As a corollary of the predictions in Equations (6) and (7), the variance and mean of the distributions of extreme values drawn from different sample sizes follow a well-defined relationship (see Appendix). The agreement of this relationship with the population lag time data is shown in the inset of Fig. 3(B).
Taken together, the scaling of the mean and SD of τ according to the inoculum size [Equations (6) and (7)], the resulting relationship between variance and mean of τ, the collapse of normalized distributions of τ at different sample (inoculum) sizes, and the fit of the normalized distribution to the theoretical formula Equation (8), are consistent with population lag time being equal to the shortest cell lag time in the inoculum: τ = θmin.

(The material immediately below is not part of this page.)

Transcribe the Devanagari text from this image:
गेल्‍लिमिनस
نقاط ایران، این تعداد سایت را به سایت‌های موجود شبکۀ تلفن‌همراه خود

With our understanding that growth involves multiple simultaneous lineages, we conclude that, at the time of the shortest lag time in the inoculum, many cells must start growing in parallel.
A single leader cell determines population lag time
The agreement of statistical properties with predictions from EVT suggest that exit from lag phase is triggered by a single event—possibly a single leader cell—that signals the exit from lag to all other cells. To test this hypothesis, we performed a set of simulations where cells are not independent. As for previous simulations, at each inoculum size thousands of virtual populations were generated (see simulation code in the Appendix). For each inoculum, the cell lag time of each founder cell was drawn at random from the experimental single-cell lag time distribution (Fig. 2B) and then set to the shortest cell lag time in the sample. This means that all founder cells begin to proliferate at the same time as the leader cell with population lag time τ = θmin. As in the previous simulation, the numerical population was allowed to grow exponentially with population lag time being estimated as per the experiments.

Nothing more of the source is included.